Time has flown since, has it not? If you think carefully about it, within the context of your life, then you’ll agree that it (time) should never be wasted. Chances are that, as you read this, the building next to you may have been around before your mother was born and will remain long after you depart. Yet most of us (myself included) often squander it as if it has no limit. How foolish of us. We should look after it more carefully than we do our money.

Everyone’s time is precious and every day we ought to remind ourselves of its scarcity. When I do, it makes it easier for me to say “no” to events that waste my time. There are so damn many of them and they come in different forms (useless meetings, unnecessary conference calls, poorly made television shows, get-togethers I’d rather avoid, etc.). Similarly, remembering the value of time gives me joy to say “yes” to activities that feed my soul.
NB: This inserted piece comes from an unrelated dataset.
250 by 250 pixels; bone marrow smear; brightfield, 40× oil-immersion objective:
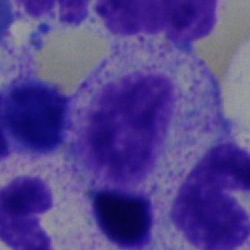 Cell type: myelocyte.

I can think of few more satisfying ways to spend my time than to travel. The very act takes us out of routine, which causes life to fly right past us, and breathes excitement and novelty into our being. Wonderful things can happen when one sets off on a journey.

Arousal of the senses

You’re travelling abroad in a foreign land, surrounded by foreign people, in foreign dress, serving foreign food in foreign ways. Your body, mind and soul are completely open and vulnerable to all forms of stimuli. Take me. I’m yours.

And once in a while, during your beautiful dance, for that is what you do when you travel (the rest of the time you’re pretty much sitting down), an astonishing statistical unlikelihood occurs. It arrests you at once and leaves you momentarily dumbfounded.